Living in communities threatened by wildfires this summer, we are very grateful to firefighters who have saved our homes. Yet we also are concerned that more large, high-severity wildfires burning across the landscape mean less funding and staff will be available for proactive fuels reduction projects like forest thinning and prescribed fires.

A smoky valley and evidence of a fire
The Caldor Fire burned on both sides of Christmas Valley, but was stopped from burning into the community by firefighters using areas where fuels were reduced before the blaze. Susie Kocher, CC BY-ND

How do we get out of this mess?

The Dixie and Caldor fires that destroyed Greenville and Grizzly Flats provided evidence that forest fuels reduction projects can work.

Both fires burned less severely in areas with proactive forest restoration and fuels management projects, including near South Lake Tahoe and near Quincy.

Fuels reduction projects include thinning out trees, burning off woody debris and reducing “ladder fuels” like small trees and brush that can allow fire to reach the tree canopy. They create more open forests that are less likely to fuel severe megafires. They also create strategic areas where firefighters can more easily fight future blazes. And, because fires burn less intensely in thinned forests, they leave more intact forest after a fire for regenerating new trees and sequestering carbon. Prescribed fires and managed ignitions paid huge dividends for containing the Dixie and Caldor fires.

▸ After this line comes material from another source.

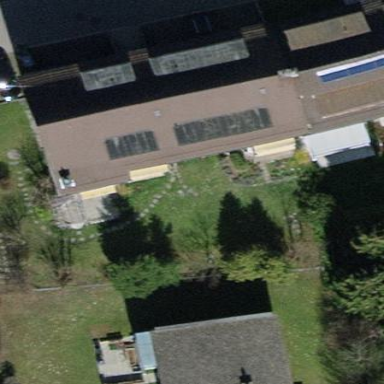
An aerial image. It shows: Building with tiled roof.

A line of fire on a hillside with trees silhouetted.
During the Dixie Fire, firefighters used an area that had been strategically thinned in the past to set backfires to prevent the wildfire from spreading into the community of Quincy. Ryan Tompkins, CC BY-ND

To manage fires in an era of climate change, where drier, hotter weather creates ideal conditions for burning, experts estimate that the area treated for fuels reduction needs to increase by at least an order of magnitude. We believe government needs to accomplish these four things to succeed:

1) Drastically increase funding and staff for agencies' fuels reduction projects, as well as outreach, cost-sharing and technical assistance for private forestland owners. Although the Biden administration's proposal for a Civilian Climate Corps proposes funding to bring in more young and unskilled workers, funding more federal and state agency positions would recruit more natural resource professionals, provide career-track opportunities and better add forest restoration capacity for the long term.

2) Reduce regulations on forest and fuels management efforts for both public and private land. While California and the federal government have made recent strides to streamline regulations, land management agencies need to acknowledge the biggest risk in frequent fire forests is doing nothing, and time is running out. Agencies need to drastically cut the time needed to plan and implement fuels reduction projects.

3) Invest in communities' capacity to carry out local forest restoration work by providing long-term support to local organizations that provide outreach, technical assistance and project coordination services. Funding restoration through competitive grants makes development of long-term community capacity challenging at best.

4) Provide funds and financial incentives for at risk communities to retrofit homes to withstand wildfires and reduce fuels around homes, communities and infrastructure.

Under a changing climate, we will have to learn to coexist with wildfires in the U.S. West, but this will require concerted action and a cultural shift in how we view and manage our forests and communities to be resilient.


Susan Kocher, Cooperative Extension Forester and Natural Resources Advisor, University of California, Division of Agriculture and Natural Resources and Ryan E. Tompkins, Cooperative Extension Forester and Natural Resources Advisor, University of California, Division of Agriculture and Natural Resources

This article is republished from The Conversation under a Creative Commons license. Read the original article.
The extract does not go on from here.